O fim da civilização já era um espectro recorrente no terror e ficção científica quando o primeiro filme da série foi lançado em 68, mas o desenlace mais comum para esse tipo de enredo ainda era a superação da ameaça, preferencialmente por meios científicos – a vitória do racionalismo contra a face sombria da Natureza. Noite também parece terminar com a reafirmação do status quo, mas o reestabelecimento da ordem passa inequivocamente pela ignorância e truculência: caipiras armados exterminam os zumbis que encontram pelo caminho e, no processo, executam o herói negro, identificando-o como um dos monstros – desenlace já prenunciado pelo início da trama, quando o grupo (branco) de sobreviventes hesitava entre considerar Ben um aliado ou um risco.
A “vitória” revela-se apenas temporária em O Despertar dos Mortos (78), no qual acompanhamos o agravamento do caos precipitado pelos zumbis, mas consumado pela brutalidade dos vivos. Seguindo o padrão histórico, a resposta das autoridades ao clima de instabilidade é direcionar seu aparato de violência aos guetos: a trama começa com a invasão de policiais a um bairro de negros e hispânicos, produzindo mais uma pilha de cadáveres na declarada intenção de reestabelecer a paz. E ao final do filme, a fortaleza estabelecida pelos personagens não é rompida pela horda de mortos-vivos, mas por um grupo de saqueadores humanos. Na imaginação de Romero, a lógica – política e cinematográfica – do “nós contra eles”, é habilmente subvertida.
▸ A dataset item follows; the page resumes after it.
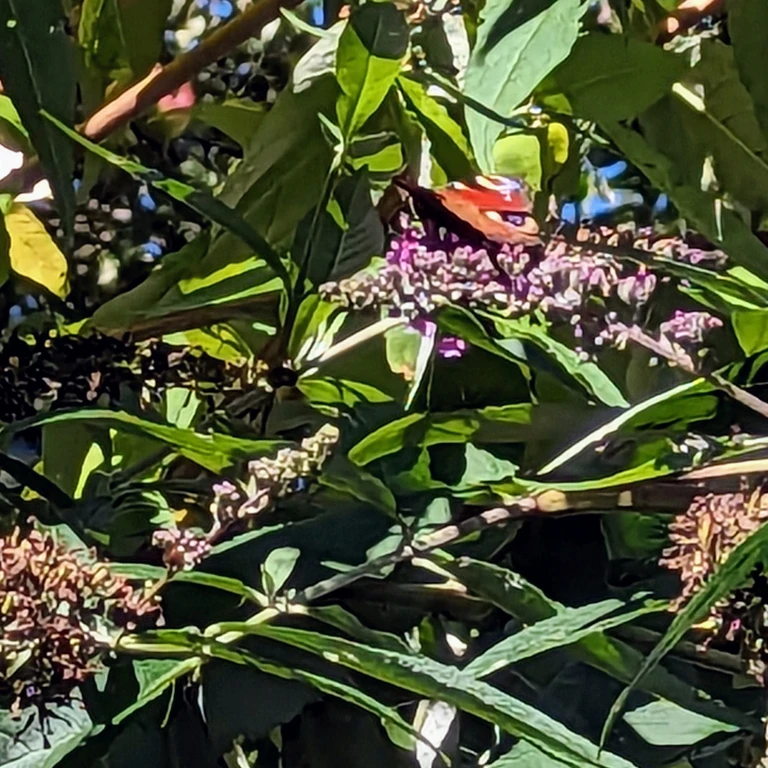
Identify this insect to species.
Aglais io

Nesse segundo episódio se manifesta uma fascinação pelo apocalipse, o êxtase do abandono do trabalho e do passeio pelo shopping center em um mundo em que o dinheiro perdeu o valor, evidenciando o caráter arbitrário e contingente de uma organização social que tendemos a considerar natural e imutável. Esse esvaziamento de sentido é levado adiante em Dia dos Mortos (1985), em que militares e cientistas tentam aplicar as soluções tradicionais – violência e instrumentalização – a uma situação além de qualquer controle. No segundo grupo, o Dr. Logan defende a conversão dos mortos em força de trabalho, um adestramento que exige recompensas (“eles precisam ser recompensados, Capitão. Caso contrário, como irão fazer o que queremos?”) – que no caso, só pode significar alimento. O exército, contudo, enoja-se com a perspectiva de ter que sacrificar (literalmente) a própria carne. Na falta de consenso, os zumbis invadem a base e despedaçam quem encontram pelo caminho, na sequência mais brutal da série. No desfecho do filme, Bub, a principal cobaia do Dr. Logan reafirma sua dignidade, enquanto o Capitão Rhodes, líder truculento e antipático, é destroçado sem despertar qualquer simpatia.
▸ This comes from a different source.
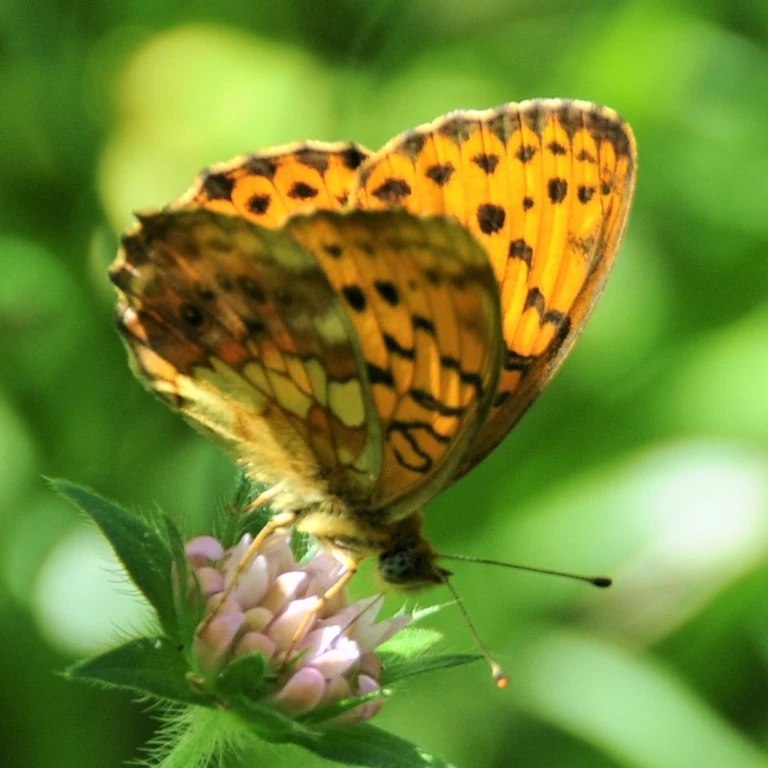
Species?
Brenthis daphne
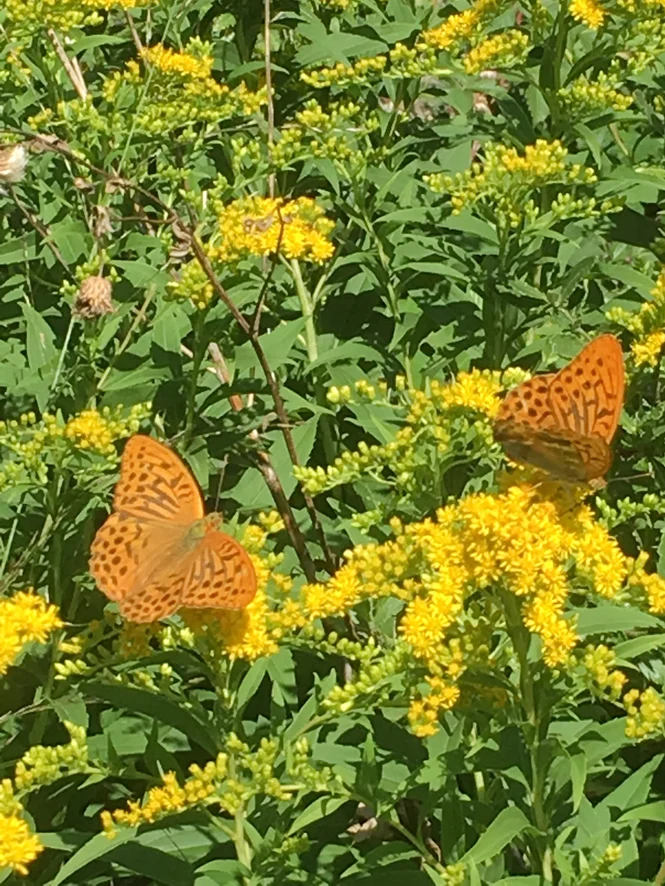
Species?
Argynnis paphia

Romero retornou a esse universo duas décadas depois em Terra dos Mortos (2005). Desta vez, somos apresentados a um condomínio de luxo cujo conforto é sustentado por servos iludidos pela promessa de ascensão social e pelo saque dos subúrbios habitados pelos mortos. Depois de uma dessas incursões violentas, um grupo de zumbis decide organizar-se e retaliar a predação, concretizando a possibilidade de um ponto-de-vista zumbi já sugerido no filme anterior. O deslocamento narrativo acompanha a tomada de consciência por parte dos “monstros”: facilmente ludibriados nas primeiras cenas, solidários e alertas na conclusão da saga.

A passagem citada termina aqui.